The Court also observed that, “no part of the main business and revenue earning activity of the two American companies is carried on through a fixed business place in India which has been put at their disposal. It is clear that the Indian company only renders support services which enable the assessees in turn to render services to their clients abroad. This outsourcing of work to India would not give rise to a fixed place PE and the High Court judgment is, therefore, correct on this score”.

“Article 42.31 of the OECD Commentary does not mean that services need not be rendered by the foreign assessees in India. If any customer is rendered a service in India, whether resident in India or outside India, a “service PE” would be established in India. As has been noticed by us hereinabove, no customer, resident or otherwise, receives any service in India from the assessees. All its customers receive services only in locations outside India. Only auxiliary operations that facilitate such services are carried out in India. This being so, it is not necessary to advert to the other ground namely, that “other personnel” would cover personnel employed by the Indian company as well, and that the US companies through such personnel are furnishing services in India. This being the case, it is clear that as the very first part of Article 5(2)(l) is not attracted, the question of going to any other part of the said Article does not arise”, the Court also observed.

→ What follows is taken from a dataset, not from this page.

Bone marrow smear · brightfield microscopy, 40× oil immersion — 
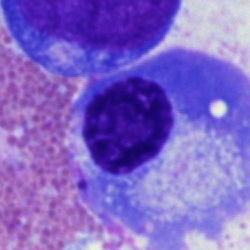

Showing a plasmacyte.

While dismissing the appeal the Apex Court observed that, “no permanent establishment in India can possibly be said to exist on the facts of the present case, we do not deem it necessary to go into the cross-appeals that were filed before the High Court, which were dismissed by the High Court agreeing with the ITAT that the calculation of the ITAT would lead to nil taxation. This point would not arise in view of our decision on the facts of the present case. It is, therefore, unnecessary to go into this aspect of the matter”.